We compare the climatological characteristics of MCS and IDC events in Table 1. MCSs have much longer lifetimes than IDC, averaging 21.1 h (CCS-based) and 18.9 h (PF-based), compared to 2.1 h (CCS-based) and 1.7 h (PF-based) for IDC. Here, PF-based lifetime refers to the lifetime determined by the MCS–IDC PFs. Only those hours with a significant PF present (PF major axis length > 20 km for MCSs; ≥ 4 km for IDC) are counted during the life cycle of an MCS–IDC event, which represent the active convective period of a storm. We find that MCSs have the longest PF lifetime in winter (21.3 h) and the shortest in summer (17.9 h). In comparison, IDC has the longest PF lifetime in winter (1.9 h), but the summer lifetime (1.7 h) is comparable to spring and autumn. We examine the seasonal cumulative distribution functions (CDFs) of PF lifetimes for MCS and IDC events for 2004–2017 in Fig. A4. Results show winter has the largest fraction of MCS–IDC events with longer lifetimes compared to other seasons.
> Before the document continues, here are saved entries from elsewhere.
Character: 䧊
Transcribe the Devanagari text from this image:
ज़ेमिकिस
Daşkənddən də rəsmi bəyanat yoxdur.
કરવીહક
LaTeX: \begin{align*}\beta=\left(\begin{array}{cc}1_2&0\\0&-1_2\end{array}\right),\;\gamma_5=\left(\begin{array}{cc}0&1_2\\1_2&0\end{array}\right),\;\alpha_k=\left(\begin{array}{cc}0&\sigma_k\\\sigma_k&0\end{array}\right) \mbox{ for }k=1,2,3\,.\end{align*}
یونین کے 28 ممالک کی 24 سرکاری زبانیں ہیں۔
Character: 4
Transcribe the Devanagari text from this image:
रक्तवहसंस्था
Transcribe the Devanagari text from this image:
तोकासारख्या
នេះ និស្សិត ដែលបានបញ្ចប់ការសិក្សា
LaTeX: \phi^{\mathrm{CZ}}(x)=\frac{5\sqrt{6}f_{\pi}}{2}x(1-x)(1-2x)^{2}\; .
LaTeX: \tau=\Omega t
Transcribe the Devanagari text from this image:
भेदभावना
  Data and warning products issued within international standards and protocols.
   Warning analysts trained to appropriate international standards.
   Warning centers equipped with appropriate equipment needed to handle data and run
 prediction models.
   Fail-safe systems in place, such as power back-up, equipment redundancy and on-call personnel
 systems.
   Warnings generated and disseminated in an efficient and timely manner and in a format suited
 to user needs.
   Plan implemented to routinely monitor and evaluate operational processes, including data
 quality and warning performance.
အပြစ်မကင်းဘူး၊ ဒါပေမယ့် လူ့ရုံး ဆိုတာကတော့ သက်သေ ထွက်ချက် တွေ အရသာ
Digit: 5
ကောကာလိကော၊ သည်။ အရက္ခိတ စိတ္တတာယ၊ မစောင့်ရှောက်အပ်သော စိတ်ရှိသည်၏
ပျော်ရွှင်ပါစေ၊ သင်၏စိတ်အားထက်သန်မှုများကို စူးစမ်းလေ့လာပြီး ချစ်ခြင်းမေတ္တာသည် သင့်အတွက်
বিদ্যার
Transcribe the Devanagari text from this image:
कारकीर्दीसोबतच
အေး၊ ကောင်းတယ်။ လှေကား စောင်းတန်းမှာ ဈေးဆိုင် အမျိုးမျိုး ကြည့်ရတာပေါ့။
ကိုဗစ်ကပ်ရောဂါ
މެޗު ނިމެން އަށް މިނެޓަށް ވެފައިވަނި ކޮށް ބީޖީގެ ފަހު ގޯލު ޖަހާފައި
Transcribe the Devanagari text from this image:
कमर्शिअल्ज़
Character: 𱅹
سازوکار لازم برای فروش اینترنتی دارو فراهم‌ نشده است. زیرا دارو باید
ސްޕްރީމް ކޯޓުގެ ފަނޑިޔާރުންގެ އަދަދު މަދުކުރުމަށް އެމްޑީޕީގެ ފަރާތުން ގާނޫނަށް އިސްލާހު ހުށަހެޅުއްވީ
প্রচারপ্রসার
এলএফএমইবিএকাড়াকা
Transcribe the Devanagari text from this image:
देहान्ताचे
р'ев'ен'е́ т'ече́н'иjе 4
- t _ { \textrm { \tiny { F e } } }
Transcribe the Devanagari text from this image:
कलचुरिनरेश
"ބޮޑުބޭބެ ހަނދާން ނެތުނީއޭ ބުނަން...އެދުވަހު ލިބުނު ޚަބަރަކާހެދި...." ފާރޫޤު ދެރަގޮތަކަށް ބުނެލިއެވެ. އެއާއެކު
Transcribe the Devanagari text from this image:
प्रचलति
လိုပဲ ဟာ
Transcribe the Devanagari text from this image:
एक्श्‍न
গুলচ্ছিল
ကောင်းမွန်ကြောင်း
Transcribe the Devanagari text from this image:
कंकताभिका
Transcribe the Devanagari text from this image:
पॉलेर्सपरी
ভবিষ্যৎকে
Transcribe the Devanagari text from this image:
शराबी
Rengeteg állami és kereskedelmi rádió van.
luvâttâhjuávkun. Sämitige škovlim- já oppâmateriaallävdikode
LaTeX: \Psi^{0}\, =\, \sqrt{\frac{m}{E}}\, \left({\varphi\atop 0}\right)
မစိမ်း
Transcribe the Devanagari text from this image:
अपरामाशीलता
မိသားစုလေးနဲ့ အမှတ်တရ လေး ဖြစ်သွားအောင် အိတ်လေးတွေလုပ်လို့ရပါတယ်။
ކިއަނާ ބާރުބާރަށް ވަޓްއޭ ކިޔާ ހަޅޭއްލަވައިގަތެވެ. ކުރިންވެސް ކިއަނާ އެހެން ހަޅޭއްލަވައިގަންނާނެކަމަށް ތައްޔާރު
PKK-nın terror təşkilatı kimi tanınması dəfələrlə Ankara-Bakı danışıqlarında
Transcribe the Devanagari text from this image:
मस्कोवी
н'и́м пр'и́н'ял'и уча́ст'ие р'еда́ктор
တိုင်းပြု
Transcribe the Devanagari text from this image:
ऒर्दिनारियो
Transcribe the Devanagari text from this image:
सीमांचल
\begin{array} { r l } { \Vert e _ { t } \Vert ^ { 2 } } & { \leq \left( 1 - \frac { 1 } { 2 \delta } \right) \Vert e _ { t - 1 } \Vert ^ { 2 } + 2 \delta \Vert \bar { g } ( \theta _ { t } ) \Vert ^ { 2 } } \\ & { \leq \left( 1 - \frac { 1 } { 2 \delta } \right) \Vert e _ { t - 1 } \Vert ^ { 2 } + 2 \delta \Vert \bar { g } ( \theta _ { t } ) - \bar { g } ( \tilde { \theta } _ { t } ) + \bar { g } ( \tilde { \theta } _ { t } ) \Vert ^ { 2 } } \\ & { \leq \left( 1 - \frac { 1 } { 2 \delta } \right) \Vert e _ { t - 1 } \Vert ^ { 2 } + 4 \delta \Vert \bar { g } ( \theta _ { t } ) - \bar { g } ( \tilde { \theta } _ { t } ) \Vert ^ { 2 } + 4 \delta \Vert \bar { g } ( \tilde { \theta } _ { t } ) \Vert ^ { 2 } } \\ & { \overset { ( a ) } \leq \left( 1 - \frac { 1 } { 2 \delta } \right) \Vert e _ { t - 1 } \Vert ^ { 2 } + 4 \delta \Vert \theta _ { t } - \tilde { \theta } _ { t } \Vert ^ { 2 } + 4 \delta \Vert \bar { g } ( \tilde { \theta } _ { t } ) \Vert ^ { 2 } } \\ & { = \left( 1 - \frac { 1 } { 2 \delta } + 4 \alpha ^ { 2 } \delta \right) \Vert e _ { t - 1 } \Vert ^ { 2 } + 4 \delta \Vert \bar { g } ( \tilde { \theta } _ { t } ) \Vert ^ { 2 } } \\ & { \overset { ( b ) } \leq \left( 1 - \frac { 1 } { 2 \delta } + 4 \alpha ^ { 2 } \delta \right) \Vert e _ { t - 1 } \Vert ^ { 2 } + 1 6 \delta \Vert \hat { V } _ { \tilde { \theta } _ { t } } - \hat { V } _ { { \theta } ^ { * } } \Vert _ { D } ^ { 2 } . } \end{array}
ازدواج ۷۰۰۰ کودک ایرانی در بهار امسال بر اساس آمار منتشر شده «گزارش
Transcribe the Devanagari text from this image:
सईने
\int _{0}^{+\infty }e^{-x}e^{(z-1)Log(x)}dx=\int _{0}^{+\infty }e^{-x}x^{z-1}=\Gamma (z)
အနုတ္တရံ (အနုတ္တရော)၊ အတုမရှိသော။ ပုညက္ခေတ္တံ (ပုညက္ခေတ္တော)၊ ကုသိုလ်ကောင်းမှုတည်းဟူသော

As expected, MCSs are much larger than IDC events in spatial coverage and precipitation area, as shown in Table 1 by the comparisons of CCS area, PF major axis length, PF convective or stratiform area, CCF area, and CCF major axis length. Generally, on average, winter MCS–IDC events are the largest in overall spatial coverage (both CCS and PF areas), while summer has the smallest. The larger and longer-lived MCSs in winter than in summer were also observed in the Southeast US in 1994–1995 by Geerts (1998). The remarkable seasonal difference in MCS–IDC overall spatial coverage is mainly due to stratiform areas. Convective areas are much smaller than stratiform areas. The PF stratiform area of MCSs in winter is 90 513 km2, 2.4 times larger than the area of 26 599 km2 in summer, but the PF convective area of MCSs in winter is 7293 km2, 14 % smaller than 8465 km2 in summer. Similarly, the IDC PF stratiform area in winter is 3182 km2, 2.8 times larger than 828 km2 in summer, while the IDC PF convective area in winter is 528 km2, slightly larger (9 %) than 483 km2 in summer. Unlike stratiform areas with the largest value in winter, convective activity is the most intense in summer as indicated by the PF mean convective 20 dBZ echo-top height in Table 1. The most intense convective activity reflects the strongest atmospheric thermal instability due to the strongest solar radiation in summer. We further confirm this point by investigating the MCS–IDC initiation time. As shown in Fig. A5, most MCS and IDC events initiate in the afternoon of summer when atmospheric instability is the strongest, consistent with Geerts (1998), who found warm-season MCSs generally initiated at 12:00–14:00 local time in the Southeast US.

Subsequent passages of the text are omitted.